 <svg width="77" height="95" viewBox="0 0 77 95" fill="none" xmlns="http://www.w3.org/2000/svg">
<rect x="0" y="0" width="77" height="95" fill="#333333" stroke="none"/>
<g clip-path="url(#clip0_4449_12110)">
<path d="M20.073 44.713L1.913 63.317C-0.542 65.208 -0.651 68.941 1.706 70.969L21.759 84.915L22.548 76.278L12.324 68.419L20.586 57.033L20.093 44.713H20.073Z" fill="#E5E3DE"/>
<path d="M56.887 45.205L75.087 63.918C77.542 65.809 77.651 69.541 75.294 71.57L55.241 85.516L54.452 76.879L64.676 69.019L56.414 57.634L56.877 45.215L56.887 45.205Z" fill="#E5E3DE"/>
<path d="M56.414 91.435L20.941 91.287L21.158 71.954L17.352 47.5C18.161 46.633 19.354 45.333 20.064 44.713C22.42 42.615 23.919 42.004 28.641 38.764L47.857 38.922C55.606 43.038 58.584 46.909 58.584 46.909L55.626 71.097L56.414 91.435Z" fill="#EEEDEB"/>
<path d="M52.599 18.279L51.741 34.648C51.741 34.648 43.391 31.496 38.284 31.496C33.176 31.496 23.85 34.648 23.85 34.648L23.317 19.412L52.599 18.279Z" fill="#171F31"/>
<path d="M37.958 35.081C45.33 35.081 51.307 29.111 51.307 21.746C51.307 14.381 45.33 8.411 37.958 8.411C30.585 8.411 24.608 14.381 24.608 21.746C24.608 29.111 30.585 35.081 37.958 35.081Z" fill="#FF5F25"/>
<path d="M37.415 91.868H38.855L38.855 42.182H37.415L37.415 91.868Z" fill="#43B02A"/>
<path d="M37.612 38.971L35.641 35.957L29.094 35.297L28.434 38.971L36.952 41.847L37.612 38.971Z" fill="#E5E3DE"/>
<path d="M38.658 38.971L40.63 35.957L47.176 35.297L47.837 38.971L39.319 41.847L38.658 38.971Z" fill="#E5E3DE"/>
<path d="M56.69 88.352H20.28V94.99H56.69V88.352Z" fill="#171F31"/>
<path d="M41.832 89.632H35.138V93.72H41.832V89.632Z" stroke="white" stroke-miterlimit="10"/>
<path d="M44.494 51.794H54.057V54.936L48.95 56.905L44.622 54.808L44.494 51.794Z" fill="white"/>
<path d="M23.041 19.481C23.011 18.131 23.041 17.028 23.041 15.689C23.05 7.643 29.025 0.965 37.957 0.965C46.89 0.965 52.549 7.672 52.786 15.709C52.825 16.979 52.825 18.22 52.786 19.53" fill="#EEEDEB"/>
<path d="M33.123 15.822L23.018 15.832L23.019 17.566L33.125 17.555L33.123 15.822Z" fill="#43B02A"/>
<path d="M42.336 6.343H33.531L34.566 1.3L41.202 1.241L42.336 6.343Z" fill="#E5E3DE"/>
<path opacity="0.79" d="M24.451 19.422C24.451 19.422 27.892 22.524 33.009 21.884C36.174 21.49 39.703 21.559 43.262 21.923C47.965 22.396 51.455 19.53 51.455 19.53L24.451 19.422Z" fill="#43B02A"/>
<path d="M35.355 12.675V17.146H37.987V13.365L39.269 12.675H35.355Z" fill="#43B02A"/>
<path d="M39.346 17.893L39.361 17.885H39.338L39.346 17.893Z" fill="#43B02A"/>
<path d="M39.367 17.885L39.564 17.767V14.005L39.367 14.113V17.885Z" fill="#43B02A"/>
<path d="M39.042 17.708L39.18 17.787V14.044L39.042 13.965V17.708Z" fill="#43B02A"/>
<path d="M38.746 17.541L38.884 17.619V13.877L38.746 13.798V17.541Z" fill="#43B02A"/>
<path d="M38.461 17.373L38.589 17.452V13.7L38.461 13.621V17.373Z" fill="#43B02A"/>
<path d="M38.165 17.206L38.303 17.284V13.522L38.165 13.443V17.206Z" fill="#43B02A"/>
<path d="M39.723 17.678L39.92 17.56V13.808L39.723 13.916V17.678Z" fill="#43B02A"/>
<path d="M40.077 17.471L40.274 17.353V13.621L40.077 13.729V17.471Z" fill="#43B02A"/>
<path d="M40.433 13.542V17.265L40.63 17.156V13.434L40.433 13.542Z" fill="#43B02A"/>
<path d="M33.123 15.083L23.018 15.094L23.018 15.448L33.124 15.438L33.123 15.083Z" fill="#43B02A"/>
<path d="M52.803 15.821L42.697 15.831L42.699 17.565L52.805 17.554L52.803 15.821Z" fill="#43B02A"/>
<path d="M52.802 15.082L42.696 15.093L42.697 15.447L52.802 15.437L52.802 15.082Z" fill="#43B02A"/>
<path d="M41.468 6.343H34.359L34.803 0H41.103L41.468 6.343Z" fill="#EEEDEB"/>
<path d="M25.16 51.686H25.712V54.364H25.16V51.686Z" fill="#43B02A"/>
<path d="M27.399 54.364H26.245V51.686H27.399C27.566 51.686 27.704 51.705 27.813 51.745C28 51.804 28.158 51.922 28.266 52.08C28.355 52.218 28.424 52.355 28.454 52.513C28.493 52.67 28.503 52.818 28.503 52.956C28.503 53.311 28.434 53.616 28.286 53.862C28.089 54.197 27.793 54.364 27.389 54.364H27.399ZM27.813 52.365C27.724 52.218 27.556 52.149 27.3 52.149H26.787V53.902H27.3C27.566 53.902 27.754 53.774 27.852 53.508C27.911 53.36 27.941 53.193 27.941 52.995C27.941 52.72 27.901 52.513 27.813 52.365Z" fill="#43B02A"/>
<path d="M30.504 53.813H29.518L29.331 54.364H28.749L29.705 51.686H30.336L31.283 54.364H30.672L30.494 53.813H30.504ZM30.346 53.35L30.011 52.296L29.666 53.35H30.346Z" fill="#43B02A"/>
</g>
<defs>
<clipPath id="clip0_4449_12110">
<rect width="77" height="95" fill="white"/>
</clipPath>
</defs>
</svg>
:::::
Word for word, transcribe each of the entries above.

 <svg width="77" height="95" viewBox="0 0 77 95" fill="none" xmlns="http://www.w3.org/2000/svg">
<rect x="0" y="0" width="77" height="95" fill="#333333" stroke="none"/>
<g clip-path="url(#clip0_4449_12110)">
<path d="M20.073 44.713L1.913 63.317C-0.542 65.208 -0.651 68.941 1.706 70.969L21.759 84.915L22.548 76.278L12.324 68.419L20.586 57.033L20.093 44.713H20.073Z" fill="#E5E3DE"/>
<path d="M56.887 45.205L75.087 63.918C77.542 65.809 77.651 69.541 75.294 71.57L55.241 85.516L54.452 76.879L64.676 69.019L56.414 57.634L56.877 45.215L56.887 45.205Z" fill="#E5E3DE"/>
<path d="M56.414 91.435L20.941 91.287L21.158 71.954L17.352 47.5C18.161 46.633 19.354 45.333 20.064 44.713C22.42 42.615 23.919 42.004 28.641 38.764L47.857 38.922C55.606 43.038 58.584 46.909 58.584 46.909L55.626 71.097L56.414 91.435Z" fill="#EEEDEB"/>
<path d="M52.599 18.279L51.741 34.648C51.741 34.648 43.391 31.496 38.284 31.496C33.176 31.496 23.85 34.648 23.85 34.648L23.317 19.412L52.599 18.279Z" fill="#171F31"/>
<path d="M37.958 35.081C45.33 35.081 51.307 29.111 51.307 21.746C51.307 14.381 45.33 8.411 37.958 8.411C30.585 8.411 24.608 14.381 24.608 21.746C24.608 29.111 30.585 35.081 37.958 35.081Z" fill="#FF5F25"/>
<path d="M37.415 91.868H38.855L38.855 42.182H37.415L37.415 91.868Z" fill="#43B02A"/>
<path d="M37.612 38.971L35.641 35.957L29.094 35.297L28.434 38.971L36.952 41.847L37.612 38.971Z" fill="#E5E3DE"/>
<path d="M38.658 38.971L40.63 35.957L47.176 35.297L47.837 38.971L39.319 41.847L38.658 38.971Z" fill="#E5E3DE"/>
<path d="M56.69 88.352H20.28V94.99H56.69V88.352Z" fill="#171F31"/>
<path d="M41.832 89.632H35.138V93.72H41.832V89.632Z" stroke="white" stroke-miterlimit="10"/>
<path d="M44.494 51.794H54.057V54.936L48.95 56.905L44.622 54.808L44.494 51.794Z" fill="white"/>
<path d="M23.041 19.481C23.011 18.131 23.041 17.028 23.041 15.689C23.05 7.643 29.025 0.965 37.957 0.965C46.89 0.965 52.549 7.672 52.786 15.709C52.825 16.979 52.825 18.22 52.786 19.53" fill="#EEEDEB"/>
<path d="M33.123 15.822L23.018 15.832L23.019 17.566L33.125 17.555L33.123 15.822Z" fill="#43B02A"/>
<path d="M42.336 6.343H33.531L34.566 1.3L41.202 1.241L42.336 6.343Z" fill="#E5E3DE"/>
<path opacity="0.79" d="M24.451 19.422C24.451 19.422 27.892 22.524 33.009 21.884C36.174 21.49 39.703 21.559 43.262 21.923C47.965 22.396 51.455 19.53 51.455 19.53L24.451 19.422Z" fill="#43B02A"/>
<path d="M35.355 12.675V17.146H37.987V13.365L39.269 12.675H35.355Z" fill="#43B02A"/>
<path d="M39.346 17.893L39.361 17.885H39.338L39.346 17.893Z" fill="#43B02A"/>
<path d="M39.367 17.885L39.564 17.767V14.005L39.367 14.113V17.885Z" fill="#43B02A"/>
<path d="M39.042 17.708L39.18 17.787V14.044L39.042 13.965V17.708Z" fill="#43B02A"/>
<path d="M38.746 17.541L38.884 17.619V13.877L38.746 13.798V17.541Z" fill="#43B02A"/>
<path d="M38.461 17.373L38.589 17.452V13.7L38.461 13.621V17.373Z" fill="#43B02A"/>
<path d="M38.165 17.206L38.303 17.284V13.522L38.165 13.443V17.206Z" fill="#43B02A"/>
<path d="M39.723 17.678L39.92 17.56V13.808L39.723 13.916V17.678Z" fill="#43B02A"/>
<path d="M40.077 17.471L40.274 17.353V13.621L40.077 13.729V17.471Z" fill="#43B02A"/>
<path d="M40.433 13.542V17.265L40.63 17.156V13.434L40.433 13.542Z" fill="#43B02A"/>
<path d="M33.123 15.083L23.018 15.094L23.018 15.448L33.124 15.438L33.123 15.083Z" fill="#43B02A"/>
<path d="M52.803 15.821L42.697 15.831L42.699 17.565L52.805 17.554L52.803 15.821Z" fill="#43B02A"/>
<path d="M52.802 15.082L42.696 15.093L42.697 15.447L52.802 15.437L52.802 15.082Z" fill="#43B02A"/>
<path d="M41.468 6.343H34.359L34.803 0H41.103L41.468 6.343Z" fill="#EEEDEB"/>
<path d="M25.16 51.686H25.712V54.364H25.16V51.686Z" fill="#43B02A"/>
<path d="M27.399 54.364H26.245V51.686H27.399C27.566 51.686 27.704 51.705 27.813 51.745C28 51.804 28.158 51.922 28.266 52.08C28.355 52.218 28.424 52.355 28.454 52.513C28.493 52.67 28.503 52.818 28.503 52.956C28.503 53.311 28.434 53.616 28.286 53.862C28.089 54.197 27.793 54.364 27.389 54.364H27.399ZM27.813 52.365C27.724 52.218 27.556 52.149 27.3 52.149H26.787V53.902H27.3C27.566 53.902 27.754 53.774 27.852 53.508C27.911 53.36 27.941 53.193 27.941 52.995C27.941 52.72 27.901 52.513 27.813 52.365Z" fill="#43B02A"/>
<path d="M30.504 53.813H29.518L29.331 54.364H28.749L29.705 51.686H30.336L31.283 54.364H30.672L30.494 53.813H30.504ZM30.346 53.35L30.011 52.296L29.666 53.35H30.346Z" fill="#43B02A"/>
</g>
<defs>
<clipPath id="clip0_4449_12110">
<rect width="77" height="95" fill="white"/>
</clipPath>
</defs>
</svg>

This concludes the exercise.